Wrestling with the Virgin - Almscliff and West Chevin

The weather looked pretty rubbish for a session at Almscliff. Windy with a real threat of rain. I drove in through a light shower with expectations lower than an investment banker's morals. Craig was at Low Man looking equally unimpressed by the weather. We warmed up and agreed there was only one thing for it, we had to prostrate ourselves under the Virgin Traverse. A Cliff classic, 30 odd feet of overhanging roof traverse at font 6C, it's a beast.

We got stuck in, and here is the rub with this problem, every move is possible there are just lots of them. Every time we got a little further, every go sapped power at an alarming rate. You climb like a sloth towing your feet, wedging them in a slot trying to keep the weight off your arms as much as you can.
On about go four I pretty much made the corner at two thirds distance, which is a shuffle in the right direction although word is it gets hard from there. Craig who hasn't paid homage as much as I have was half a move further back. Its a compelling problem we will return.

We cut our Virgin losses and did a few bits more. That wall to the left of Matterhorn Arete went again. We both flashed it, which is good as it took me over a year to work it out. Craig flashed that slappy, quality, one move wonder by the bottom wall, I should have been annoyed, but his beta was good so I have a new sequence to try with fresher arms. The wind rose, our enthusiasm waned so we did a bit more and then gave it best. The friction had been fantastic for June and the progress way better than either of us imagined, a good session.

I headed off to Bingley to pick up the boys from my in-laws, but an idea was gnawing away in my head. I wasn't happy with progress I wanted to send something so work would seem more bearable in the morning. I headed for Otley's West Chevin and the vague promise of a punter's paradise

I found the right walk in this time, although crocs and a cow muck filled swamp made for smelly memories and destroyed a pair of socks. I assumed it would all be drenched from the weeks flood and I was on a fools errand. I got to the boulders and they were bone dry, the wind had whipped through the trees and the friction was spot on.
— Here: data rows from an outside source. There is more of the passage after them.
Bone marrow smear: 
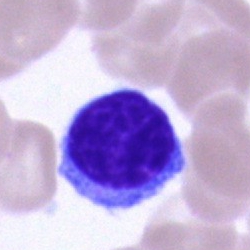
Q: Which cell type is shown here?
A: Typical lymphocyte.
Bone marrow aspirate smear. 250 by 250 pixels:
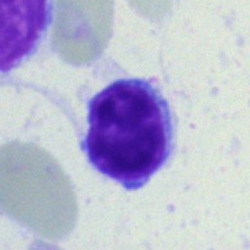
The cell is typical lymphocyte.
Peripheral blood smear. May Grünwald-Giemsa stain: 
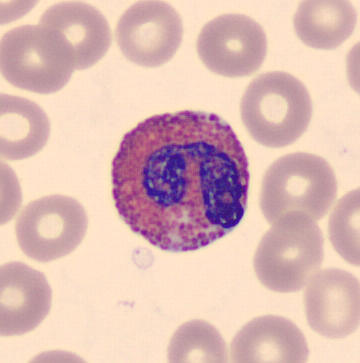An eosinophil.
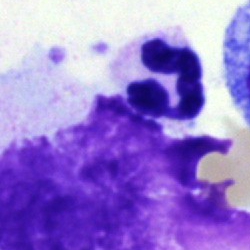
Impression → segmented neutrophil.

Barn door is the left arete, Super Central is straight up the middle from the mat
I got to work on Barn Door which I thought I had got last year, it turns out I was climbing the wrong side. Its a lovely little arete problem that is an awkward font 5. It took me a few goes as I barn-doored off gracefully, then the right approach was found, I found a sidepull to work with, a quick slap and it was done. Super Central gave in a little more easily even with my aching arms screaming. I felt a bit happier now and headed off for my tea no longer a West Chevin virgin.